INFORMATION GIVEN:

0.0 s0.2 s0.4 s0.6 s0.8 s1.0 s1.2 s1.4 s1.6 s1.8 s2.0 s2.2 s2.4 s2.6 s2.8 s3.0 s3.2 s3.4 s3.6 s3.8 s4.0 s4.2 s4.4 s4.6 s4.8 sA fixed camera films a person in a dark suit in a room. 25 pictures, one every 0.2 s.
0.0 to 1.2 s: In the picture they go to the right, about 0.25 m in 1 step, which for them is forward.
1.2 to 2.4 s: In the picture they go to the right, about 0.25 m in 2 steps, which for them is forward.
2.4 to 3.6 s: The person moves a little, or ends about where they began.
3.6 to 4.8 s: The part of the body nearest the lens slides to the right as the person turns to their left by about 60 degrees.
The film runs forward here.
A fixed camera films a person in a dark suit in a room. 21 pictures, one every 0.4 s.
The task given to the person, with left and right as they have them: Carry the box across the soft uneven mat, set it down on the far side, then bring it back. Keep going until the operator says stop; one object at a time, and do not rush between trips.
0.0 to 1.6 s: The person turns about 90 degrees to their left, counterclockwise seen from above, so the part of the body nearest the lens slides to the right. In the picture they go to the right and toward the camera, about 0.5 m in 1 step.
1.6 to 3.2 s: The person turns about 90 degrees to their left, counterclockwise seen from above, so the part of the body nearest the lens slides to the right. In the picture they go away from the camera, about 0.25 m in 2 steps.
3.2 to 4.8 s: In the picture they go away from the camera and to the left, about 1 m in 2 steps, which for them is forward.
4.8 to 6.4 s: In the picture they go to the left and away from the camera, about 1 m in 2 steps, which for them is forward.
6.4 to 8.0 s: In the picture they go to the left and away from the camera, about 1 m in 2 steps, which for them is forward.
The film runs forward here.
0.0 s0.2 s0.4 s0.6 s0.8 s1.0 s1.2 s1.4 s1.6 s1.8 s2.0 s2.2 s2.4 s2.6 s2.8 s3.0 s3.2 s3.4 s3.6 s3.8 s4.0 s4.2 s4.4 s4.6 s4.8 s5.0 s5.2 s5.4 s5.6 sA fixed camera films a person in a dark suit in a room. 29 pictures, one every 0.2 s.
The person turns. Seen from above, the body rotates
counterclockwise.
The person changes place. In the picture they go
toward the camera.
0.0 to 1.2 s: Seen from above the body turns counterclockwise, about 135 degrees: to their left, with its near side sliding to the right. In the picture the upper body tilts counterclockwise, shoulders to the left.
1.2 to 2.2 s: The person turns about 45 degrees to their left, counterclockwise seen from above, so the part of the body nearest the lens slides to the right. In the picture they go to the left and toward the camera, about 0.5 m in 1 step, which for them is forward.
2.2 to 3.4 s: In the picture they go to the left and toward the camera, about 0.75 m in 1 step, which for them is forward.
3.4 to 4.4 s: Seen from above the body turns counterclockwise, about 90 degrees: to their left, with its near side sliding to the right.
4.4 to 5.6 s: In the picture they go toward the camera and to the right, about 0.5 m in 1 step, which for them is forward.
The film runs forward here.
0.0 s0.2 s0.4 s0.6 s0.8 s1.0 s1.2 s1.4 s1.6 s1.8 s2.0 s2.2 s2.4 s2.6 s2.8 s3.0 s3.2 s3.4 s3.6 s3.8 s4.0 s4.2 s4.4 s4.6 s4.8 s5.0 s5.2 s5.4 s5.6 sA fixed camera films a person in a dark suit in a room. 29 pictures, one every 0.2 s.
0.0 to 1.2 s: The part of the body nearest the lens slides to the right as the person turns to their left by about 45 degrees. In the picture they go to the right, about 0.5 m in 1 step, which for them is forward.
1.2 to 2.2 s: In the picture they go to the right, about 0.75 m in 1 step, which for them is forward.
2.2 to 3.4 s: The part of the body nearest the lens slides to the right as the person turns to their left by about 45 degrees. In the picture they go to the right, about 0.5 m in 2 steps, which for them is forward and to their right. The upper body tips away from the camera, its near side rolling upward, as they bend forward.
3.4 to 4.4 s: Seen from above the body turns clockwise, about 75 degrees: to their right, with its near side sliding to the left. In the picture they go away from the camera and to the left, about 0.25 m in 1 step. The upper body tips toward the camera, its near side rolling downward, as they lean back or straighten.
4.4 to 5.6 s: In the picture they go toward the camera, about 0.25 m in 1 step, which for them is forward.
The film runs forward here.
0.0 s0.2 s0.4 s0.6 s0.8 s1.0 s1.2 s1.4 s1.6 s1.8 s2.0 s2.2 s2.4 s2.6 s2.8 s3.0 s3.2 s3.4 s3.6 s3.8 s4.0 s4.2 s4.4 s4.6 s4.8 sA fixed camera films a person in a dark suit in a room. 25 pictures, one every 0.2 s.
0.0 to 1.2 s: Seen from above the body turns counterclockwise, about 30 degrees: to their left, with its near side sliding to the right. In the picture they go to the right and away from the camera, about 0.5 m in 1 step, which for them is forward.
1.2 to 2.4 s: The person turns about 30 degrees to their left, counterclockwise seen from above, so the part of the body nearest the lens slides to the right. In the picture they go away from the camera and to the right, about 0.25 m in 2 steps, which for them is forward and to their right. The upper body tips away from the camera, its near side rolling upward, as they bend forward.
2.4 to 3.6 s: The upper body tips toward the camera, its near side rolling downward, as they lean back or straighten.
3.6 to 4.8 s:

WHAT YOU WILL DO: Produce a precise copy of all the material above.

REPLY TO THE EXERCISE:
0.0 s0.2 s0.4 s0.6 s0.8 s1.0 s1.2 s1.4 s1.6 s1.8 s2.0 s2.2 s2.4 s2.6 s2.8 s3.0 s3.2 s3.4 s3.6 s3.8 s4.0 s4.2 s4.4 s4.6 s4.8 sA fixed camera films a person in a dark suit in a room. 25 pictures, one every 0.2 s.
0.0 to 1.2 s: In the picture they go to the right, about 0.25 m in 1 step, which for them is forward.
1.2 to 2.4 s: In the picture they go to the right, about 0.25 m in 2 steps, which for them is forward.
2.4 to 3.6 s: The person moves a little, or ends about where they began.
3.6 to 4.8 s: The part of the body nearest the lens slides to the right as the person turns to their left by about 60 degrees.
The film runs forward here.
A fixed camera films a person in a dark suit in a room. 21 pictures, one every 0.4 s.
The task given to the person, with left and right as they have them: Carry the box across the soft uneven mat, set it down on the far side, then bring it back. Keep going until the operator says stop; one object at a time, and do not rush between trips.
0.0 to 1.6 s: The person turns about 90 degrees to their left, counterclockwise seen from above, so the part of the body nearest the lens slides to the right. In the picture they go to the right and toward the camera, about 0.5 m in 1 step.
1.6 to 3.2 s: The person turns about 90 degrees to their left, counterclockwise seen from above, so the part of the body nearest the lens slides to the right. In the picture they go away from the camera, about 0.25 m in 2 steps.
3.2 to 4.8 s: In the picture they go away from the camera and to the left, about 1 m in 2 steps, which for them is forward.
4.8 to 6.4 s: In the picture they go to the left and away from the camera, about 1 m in 2 steps, which for them is forward.
6.4 to 8.0 s: In the picture they go to the left and away from the camera, about 1 m in 2 steps, which for them is forward.
The film runs forward here.
0.0 s0.2 s0.4 s0.6 s0.8 s1.0 s1.2 s1.4 s1.6 s1.8 s2.0 s2.2 s2.4 s2.6 s2.8 s3.0 s3.2 s3.4 s3.6 s3.8 s4.0 s4.2 s4.4 s4.6 s4.8 s5.0 s5.2 s5.4 s5.6 sA fixed camera films a person in a dark suit in a room. 29 pictures, one every 0.2 s.
The person turns. Seen from above, the body rotates
counterclockwise.
The person changes place. In the picture they go
toward the camera.
0.0 to 1.2 s: Seen from above the body turns counterclockwise, about 135 degrees: to their left, with its near side sliding to the right. In the picture the upper body tilts counterclockwise, shoulders to the left.
1.2 to 2.2 s: The person turns about 45 degrees to their left, counterclockwise seen from above, so the part of the body nearest the lens slides to the right. In the picture they go to the left and toward the camera, about 0.5 m in 1 step, which for them is forward.
2.2 to 3.4 s: In the picture they go to the left and toward the camera, about 0.75 m in 1 step, which for them is forward.
3.4 to 4.4 s: Seen from above the body turns counterclockwise, about 90 degrees: to their left, with its near side sliding to the right.
4.4 to 5.6 s: In the picture they go toward the camera and to the right, about 0.5 m in 1 step, which for them is forward.
The film runs forward here.
0.0 s0.2 s0.4 s0.6 s0.8 s1.0 s1.2 s1.4 s1.6 s1.8 s2.0 s2.2 s2.4 s2.6 s2.8 s3.0 s3.2 s3.4 s3.6 s3.8 s4.0 s4.2 s4.4 s4.6 s4.8 s5.0 s5.2 s5.4 s5.6 sA fixed camera films a person in a dark suit in a room. 29 pictures, one every 0.2 s.
0.0 to 1.2 s: The part of the body nearest the lens slides to the right as the person turns to their left by about 45 degrees. In the picture they go to the right, about 0.5 m in 1 step, which for them is forward.
1.2 to 2.2 s: In the picture they go to the right, about 0.75 m in 1 step, which for them is forward.
2.2 to 3.4 s: The part of the body nearest the lens slides to the right as the person turns to their left by about 45 degrees. In the picture they go to the right, about 0.5 m in 2 steps, which for them is forward and to their right. The upper body tips away from the camera, its near side rolling upward, as they bend forward.
3.4 to 4.4 s: Seen from above the body turns clockwise, about 75 degrees: to their right, with its near side sliding to the left. In the picture they go away from the camera and to the left, about 0.25 m in 1 step. The upper body tips toward the camera, its near side rolling downward, as they lean back or straighten.
4.4 to 5.6 s: In the picture they go toward the camera, about 0.25 m in 1 step, which for them is forward.
The film runs forward here.
0.0 s0.2 s0.4 s0.6 s0.8 s1.0 s1.2 s1.4 s1.6 s1.8 s2.0 s2.2 s2.4 s2.6 s2.8 s3.0 s3.2 s3.4 s3.6 s3.8 s4.0 s4.2 s4.4 s4.6 s4.8 sA fixed camera films a person in a dark suit in a room. 25 pictures, one every 0.2 s.
0.0 to 1.2 s: Seen from above the body turns counterclockwise, about 30 degrees: to their left, with its near side sliding to the right. In the picture they go to the right and away from the camera, about 0.5 m in 1 step, which for them is forward.
1.2 to 2.4 s: The person turns about 30 degrees to their left, counterclockwise seen from above, so the part of the body nearest the lens slides to the right. In the picture they go away from the camera and to the right, about 0.25 m in 2 steps, which for them is forward and to their right. The upper body tips away from the camera, its near side rolling upward, as they bend forward.
2.4 to 3.6 s: The upper body tips toward the camera, its near side rolling downward, as they lean back or straighten.
3.6 to 4.8 s:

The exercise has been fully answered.